LibraryThing member carebear10712
I did not enjoy this as much as North & South. Up until the last couple hundred pages, it felt more like a non-fiction novel. I do love the descriptions and the history, but it felt like the point was to get the history out, rather than to tell the story of the characters within that history. Nothing happened to any of the characters for the first 700-800 pages, and I found myself skimming a lot. SKIMMING! I hate skimming. I just didn't care about whole chapters. This novel also switched to points of views of secondary characters that I did not care about. Again, this added to feeling like the author used the characters to tell a history story rather than the other way around. Ok, this is the Civil War, with hundreds of thousands of casualties, and you've got two characters that are in the war from the beginning to the end - no battle wounds, really, no deaths! I know he killed Orry but that was so sudden-and maybe that was the point? Billy and Charles survive four years of the war but Orry joins and dies almost immediately...maybe this is some statement about fate, or luck, or what have you. The only character I really felt invested in was Charles. His transformation through the war broke my heart, much more than Orry's death did. The loss of Sport was written more heartbreakingly than the loss of Orry. The author did an excellent job of describing the losses and changes of those people that survived, Charles being the best example. His point that the war changed everyone, everything, even those who didn't die or weren't directly involved, was very well driven home. Just like in the first novel, I think he did an excellent job portraying different points of views and the political atmosphere surrounding the war. Villains and heroes on both sides of the line. That's really the most heartbreaking fact of the Civil against brother, friend against friend, American against American. That sadness was prevalent throughout the novel.… (more)

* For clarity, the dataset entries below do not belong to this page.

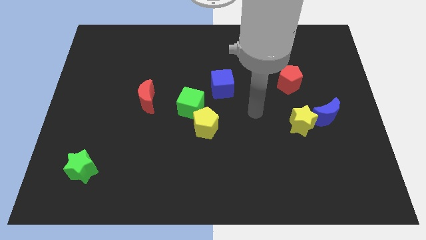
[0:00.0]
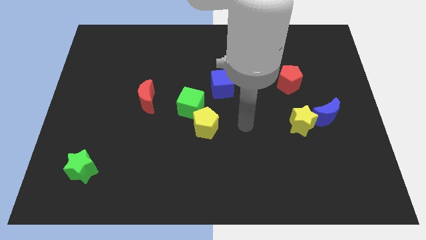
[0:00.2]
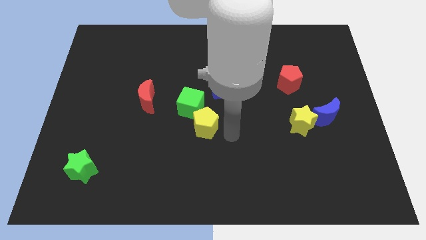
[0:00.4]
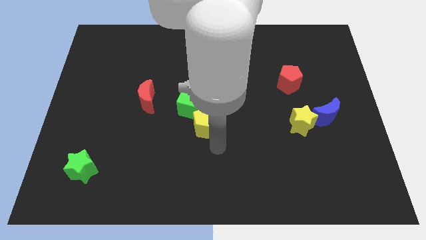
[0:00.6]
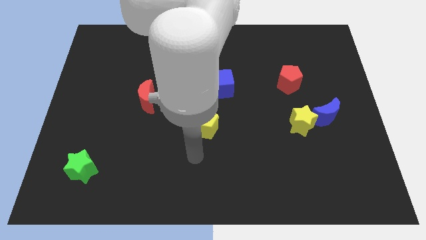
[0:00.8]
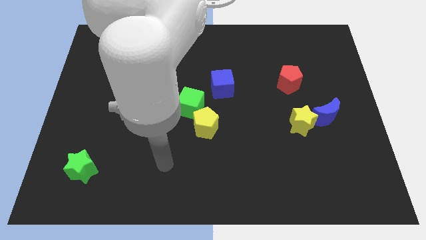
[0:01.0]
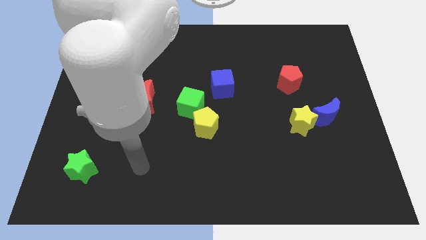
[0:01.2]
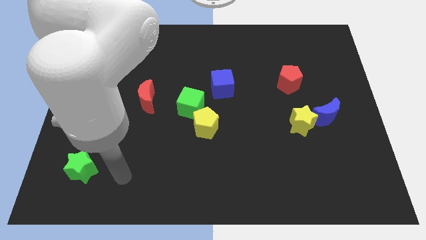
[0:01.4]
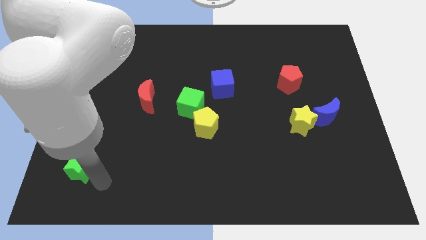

LibraryThing member Barb_H
The first book of this trilogy is still, so far, my favorite. However, this second book was still amazing. It is exceptionally written and full of emotion of all types. I laughed, cried, smiled, cheered, got angry, loved and hated the characters. It mixes true historical information with the fictional characters so well. I highly recommend to anyone who loves historical fiction or just plain old good story telling.… (more)
LibraryThing member miyurose
Very few authors can write a 1000 page novel that I just glide through -- John Jakes is one of them. I love his Civil War novels. Jakes states in his afterword that this book ultimately isn't about war or slavery, but about change. This story abounds with it -- some for the better, some for the worse, and some somewhere in-between. There is redemption and loss, and above all, strength and love. Many of the more recognizable features of the Civil War are barely touched upon, such as Gettysburg and the final surrender at Appomattox, but this allows more exploration of the lesser known happenings. I can't wait to watch the mini-series and then eventually move on to the final book.… (more)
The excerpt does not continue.